Regulating and Certification of a Branch
The Regulations provide provisions for regulating branches and issuance of an establishment certificate for new and existing branches.
As per the Regulations, DMCCA also offers the existing companies to migrate into the DMCC. A company registered in another UAE free zone, in the mainland or even in a foreign jurisdiction has the opportunity to relocate its business to the DMCC by keeping its corporate identity. However, it should be noted that migration into the DMCC will only be possible if the exiting jurisdiction acknowledges and recognizes the possibility to migrate into another jurisdiction. To successfully migrate into the DMCC, the company will require a no-objection certificate from its Registrar. Currently in the UAE, only the Jebel Ali Free Zone, the Dubai Airport Free Zone and Dubai South are offering such a possibility. The same aforementioned conditions apply if a company wants to migrate out of the DMCC into another jurisdiction. The Regulation 18 states that a Non-DMCC Entity may if authorized by the laws and regulations of the jurisdiction in which it was formed, make a Continuation Application to the Registrar for it to continue as a Company.
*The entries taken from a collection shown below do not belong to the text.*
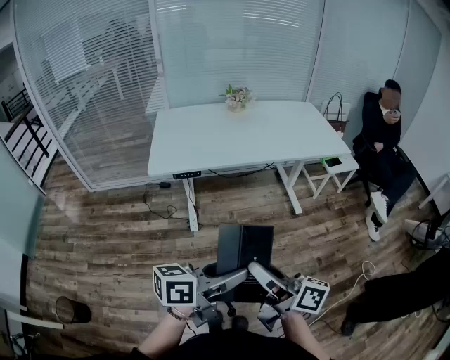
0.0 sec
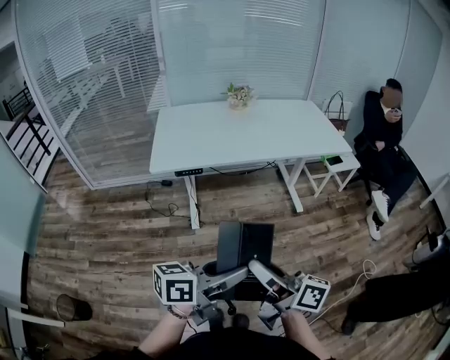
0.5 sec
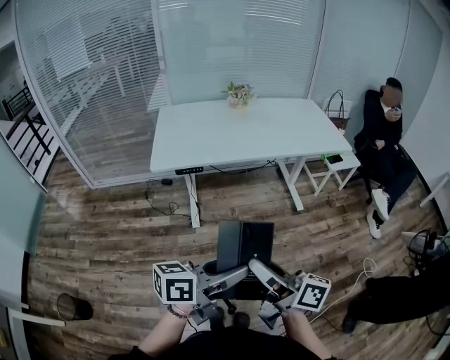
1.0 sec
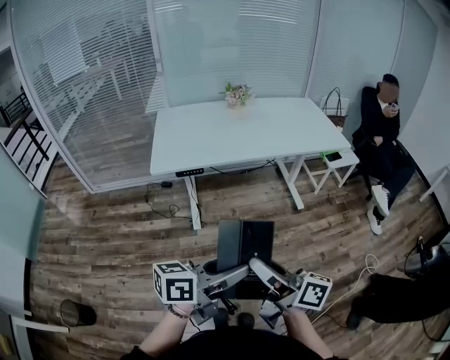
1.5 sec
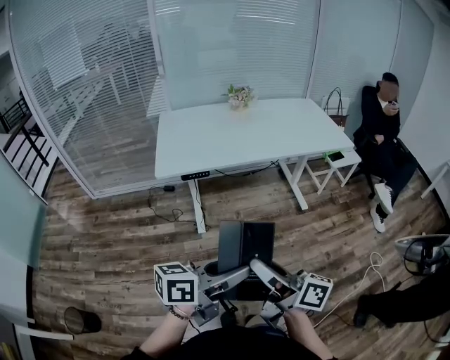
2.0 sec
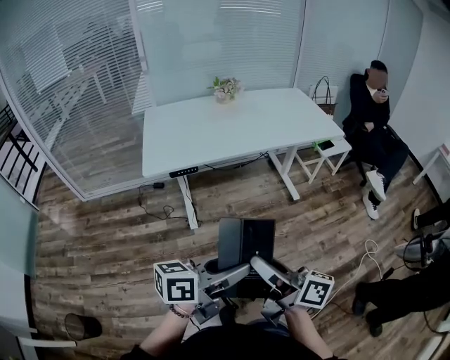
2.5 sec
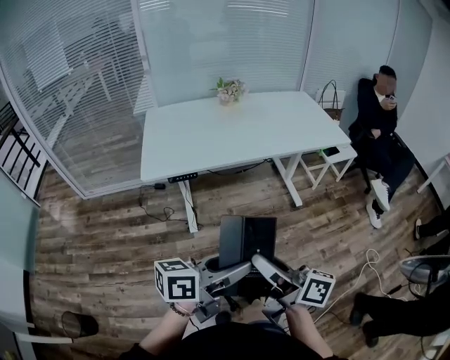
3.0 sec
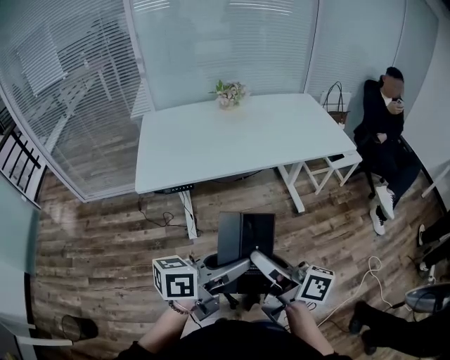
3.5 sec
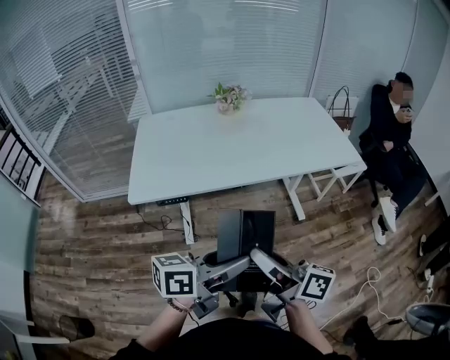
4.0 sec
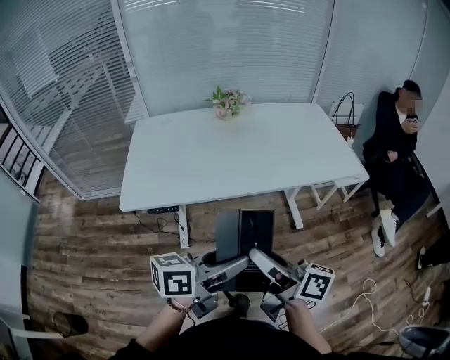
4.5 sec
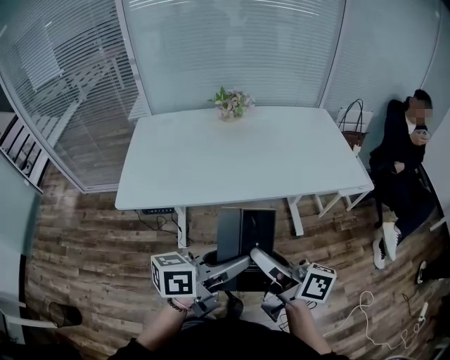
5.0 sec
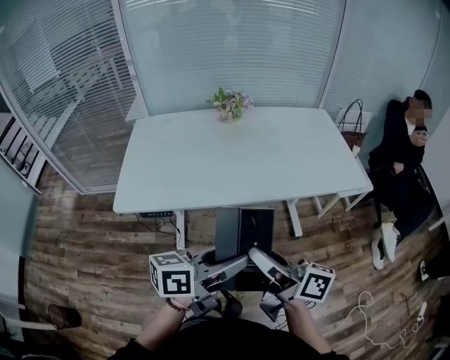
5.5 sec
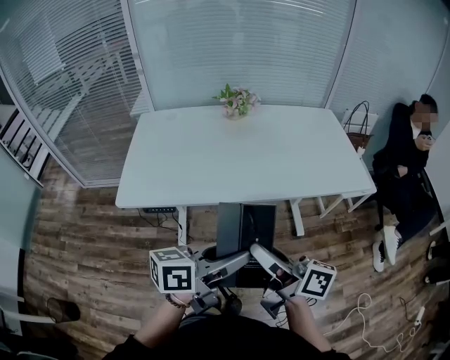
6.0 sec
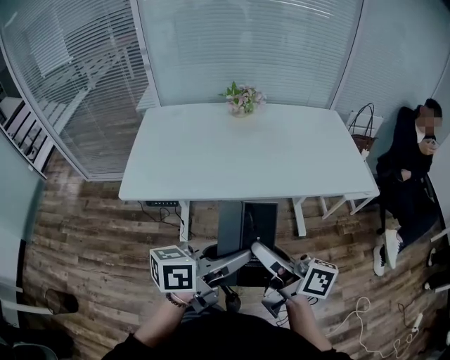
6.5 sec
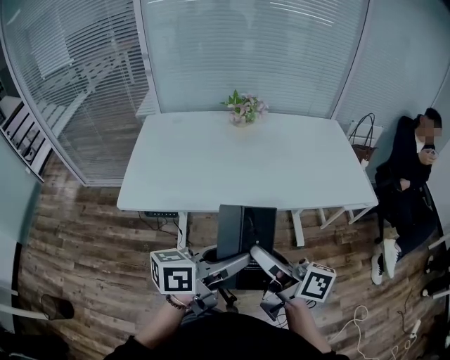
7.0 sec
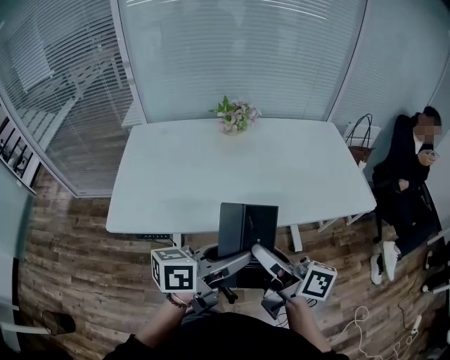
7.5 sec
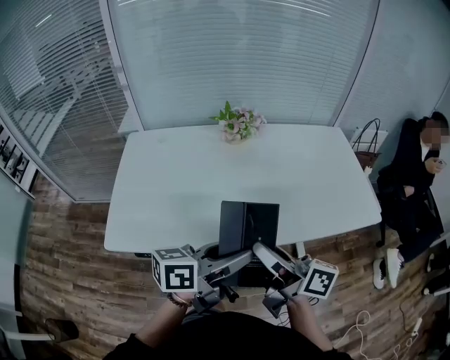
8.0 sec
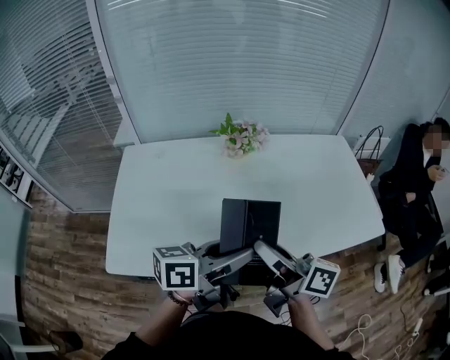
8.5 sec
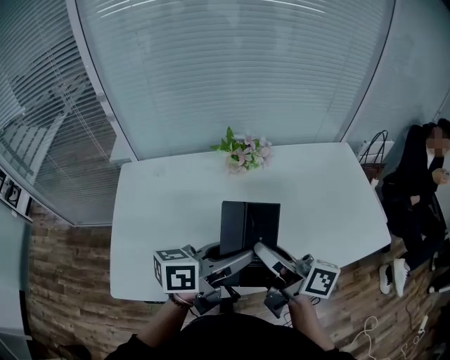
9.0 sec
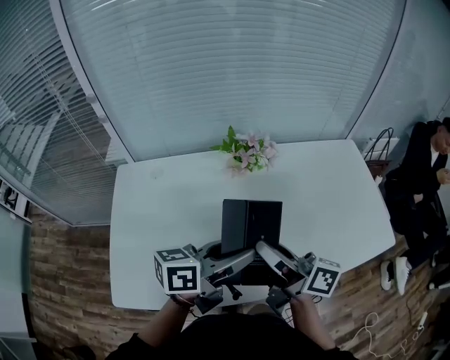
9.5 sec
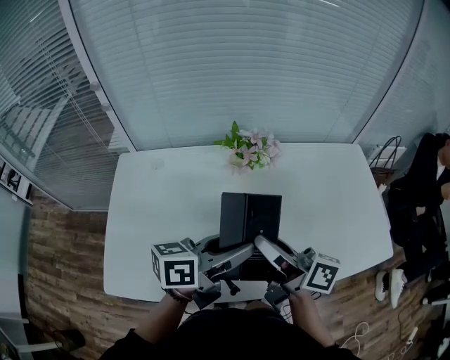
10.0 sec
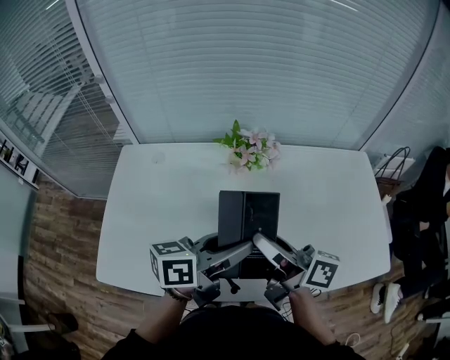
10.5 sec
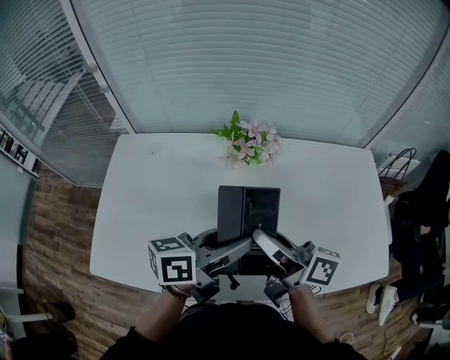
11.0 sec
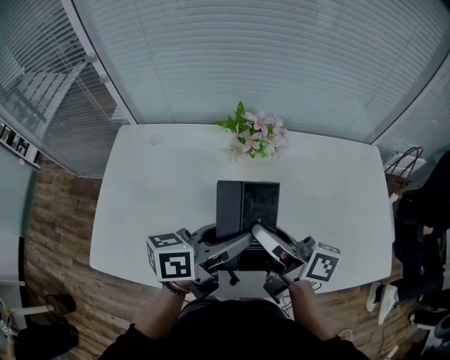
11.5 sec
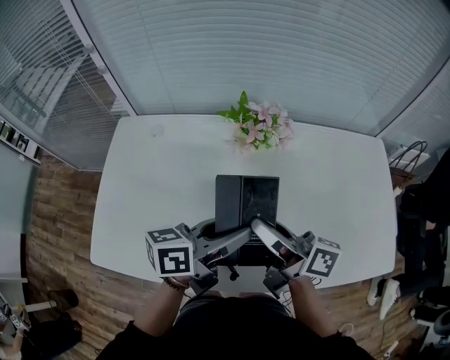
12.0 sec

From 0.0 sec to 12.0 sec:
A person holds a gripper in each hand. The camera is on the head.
From 0.0 sec to 2.0 sec: The grippers stay close to where they were, moving slightly.
From 2.0 sec to 4.0 sec: Both grippers move forward, roughly 20 cm.
From 4.0 sec to 6.0 sec: Both grippers travel together forward, approximately 10 cm.
From 6.0 sec to 8.0 sec: Both grippers travel together forward, approximately 20 cm.
From 8.0 sec to 10.0 sec: The two grippers go approximately 20 cm forward.
From 10.0 sec to 12.0 sec: The right gripper changes place by about 5 cm. The left gripper changes place by approximately 5 cm.

In summary, these Regulations recognize the following types of entities: (a) Companies; and (b) Branches. A Non-DMCC Entity will be recognized as a Company under these Regulations upon its transfer to the DMCC Free Zone in accordance with Regulation 18. A person is only permitted to conduct business operations in or from the DMCC Free Zone if the Registrar has issued to that person: (a) a Certificate of Registration (in the case of a Company) or Certificate of Establishment (in the case of a Branch); and (b) a License (unless the person is an Exempt Entity), in each case as provided for in these Regulations and the Licensing Rules. Each DMCC Entity must unless exempted by DMCCA, at all times maintain a valid License and comply with the terms and requirements as set out in the Licensing Rules.
The Regulations clarify for the avoidance of doubt, the provisions of Federal Law No. 2 of 2015 Concerning Commercial Companies do not apply to any DMCC Entity.
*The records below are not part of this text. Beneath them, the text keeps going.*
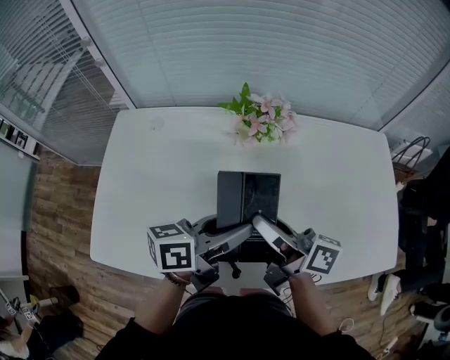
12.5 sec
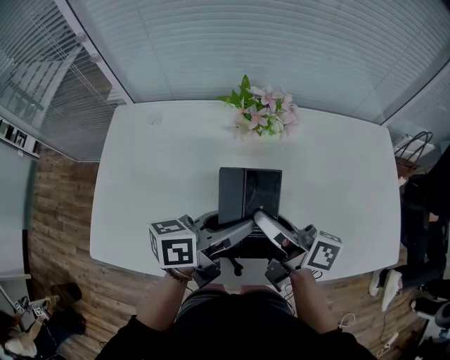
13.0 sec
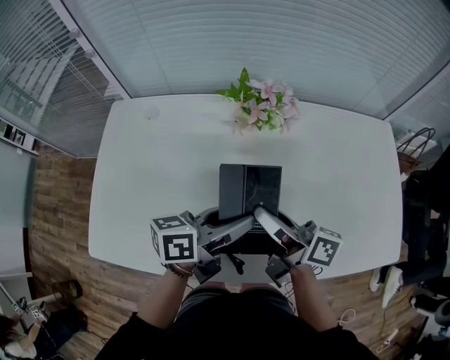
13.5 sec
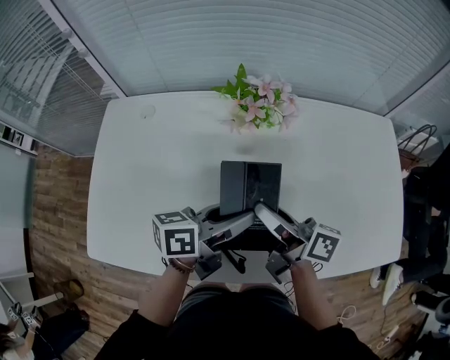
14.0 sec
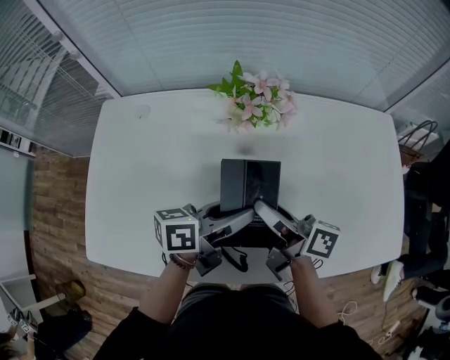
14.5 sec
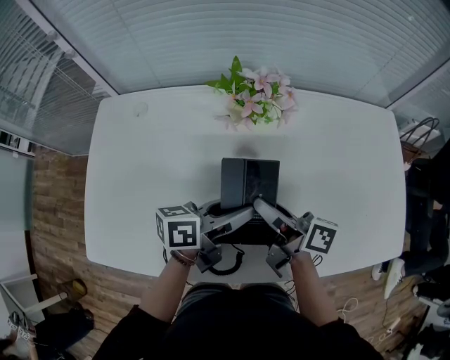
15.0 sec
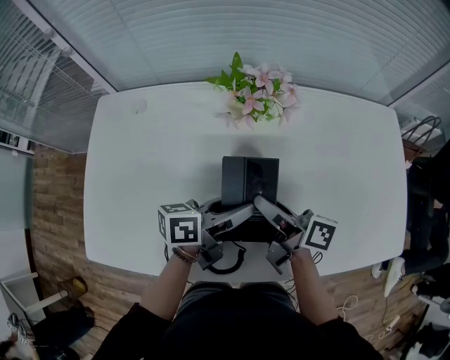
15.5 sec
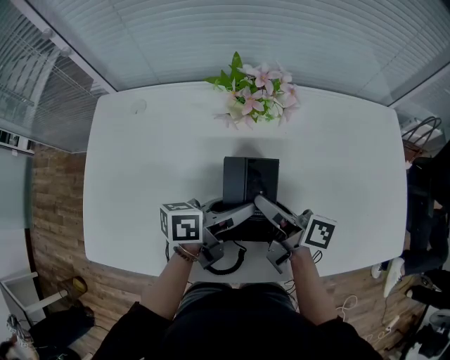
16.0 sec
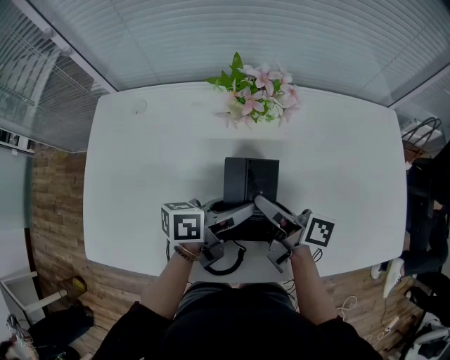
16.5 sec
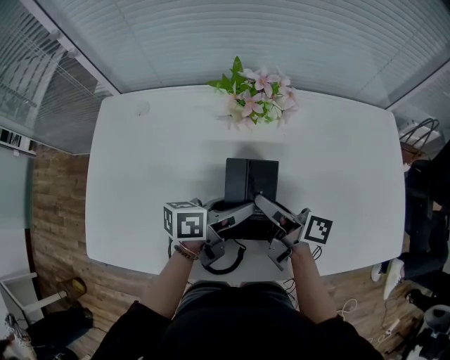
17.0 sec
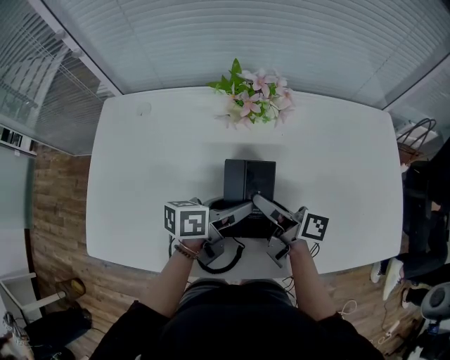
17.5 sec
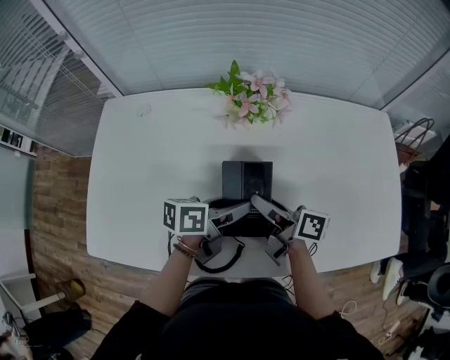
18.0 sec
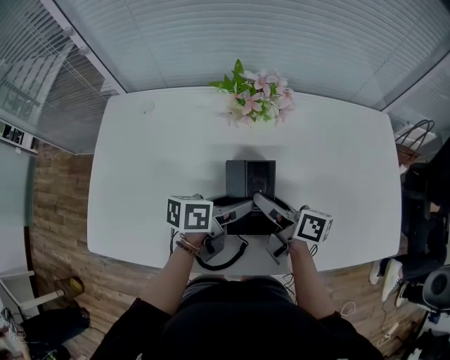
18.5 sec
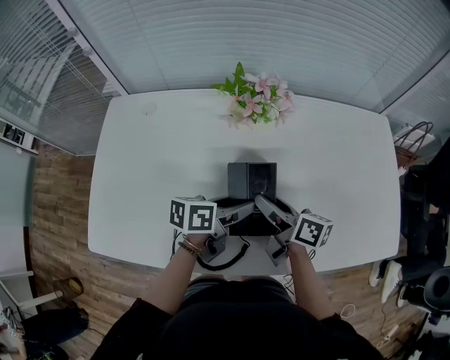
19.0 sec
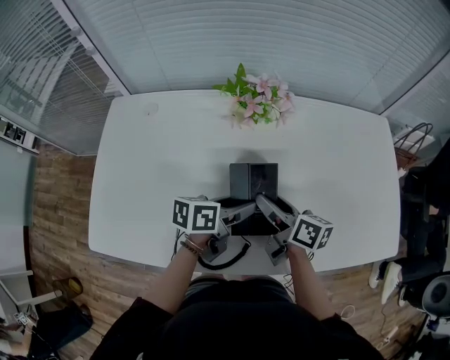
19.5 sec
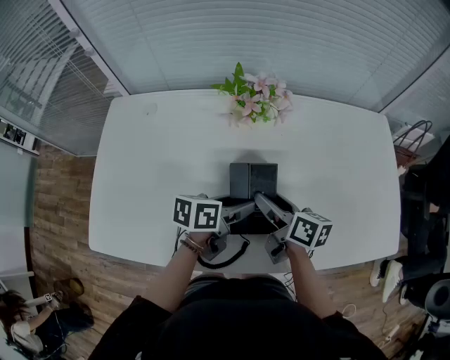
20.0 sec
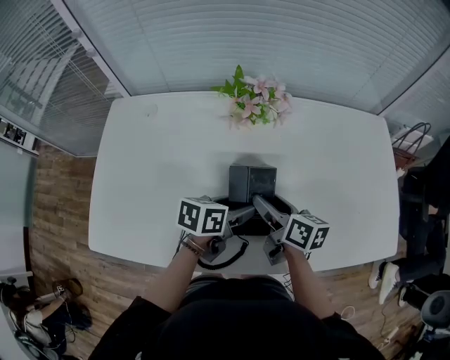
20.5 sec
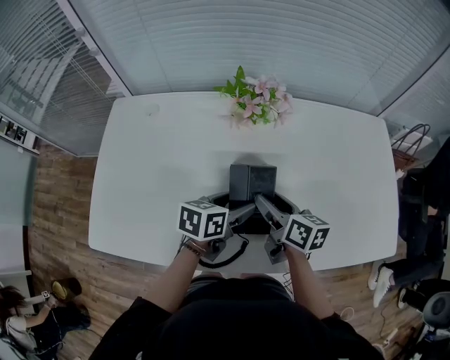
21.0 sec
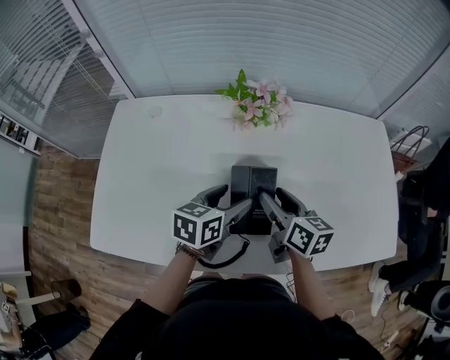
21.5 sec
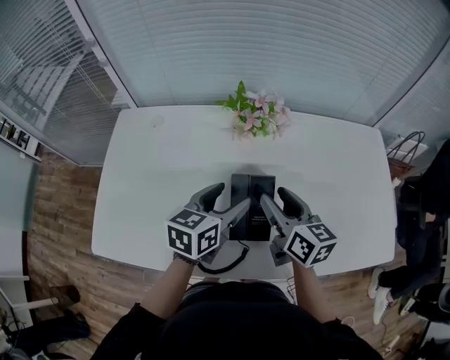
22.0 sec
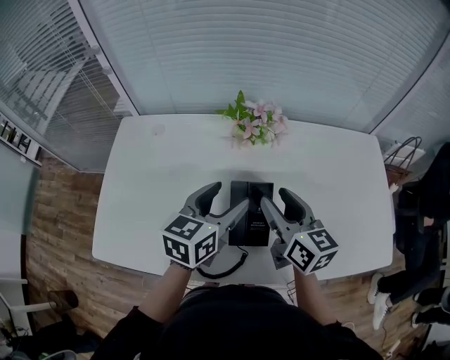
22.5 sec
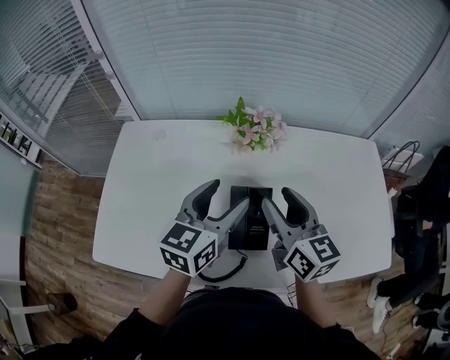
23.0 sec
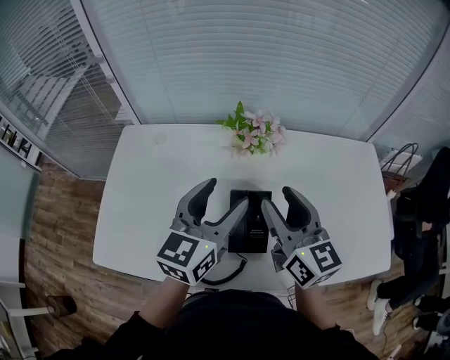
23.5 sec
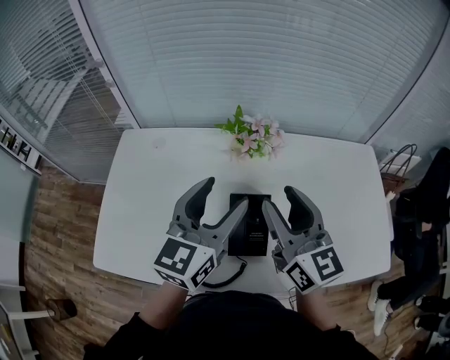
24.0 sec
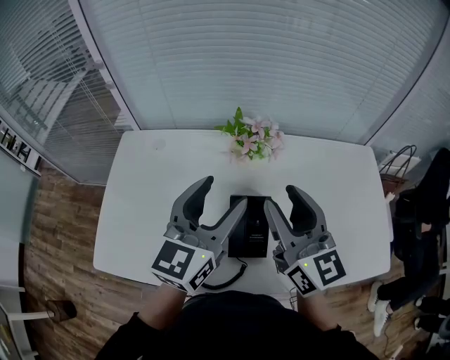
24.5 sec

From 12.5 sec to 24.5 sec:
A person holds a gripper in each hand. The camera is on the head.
From 12.5 sec to 14.5 sec: Both grippers move downward, about 5 cm.
From 14.5 sec to 16.5 sec: There are only small adjustments of the grippers.
From 16.5 sec to 18.5 sec: The grippers move only a little.
From 18.5 sec to 20.5 sec: The grippers make only small movements.
From 20.5 sec to 22.5 sec: The grippers both shift upward by some 15 cm. The right gripper rotates about 30 degrees, while the left gripper changes its angle by roughly 30 degrees.
From 22.5 sec to 24.5 sec: Both grippers travel together upward, approximately 10 cm. The left gripper swivels some 20 degrees, while the right gripper rotates about 20 degrees.

Immediate action to be taken:
Each company must within twenty-four months from the date the Regulations come into force (or such other period as may be agreed with the Registrar), amend its Articles to the extent that the provisions of its Articles are contrary to or inconsistent with these Regulations.
The Regulations provide the investors to benefit from a more robust commercial and regulatory framework governing the operations and management of the company in the free zone. The Regulations provide clarity on matters that raised questions in the past, especially about the tasks and responsibilities of officeholders. Howbeit, there are areas of ambiguity that need to be clarified through the actual implementation of the Regulations by the DMCCA. The Regulations are indicative of the commitment to provide companies with a seamless ability to set up and grow their operations. Furthermore, the possibility to adopt own Articles of Association along with the potential to issue different types of shares will provide the companies with greater flexibility to structure their shareholding, attract new investors and expand their business.
According to the DMCC figures, over seven new businesses are established in DMCC per day. The DMCCA is confident that, along with their location, infrastructure and service, the Regulations will also aid in increasing the number of businesses incorporated in DMCC.
The content of this article is intended to provide a general guide to the subject matter. Specialist advice should be sought about your specific circumstances.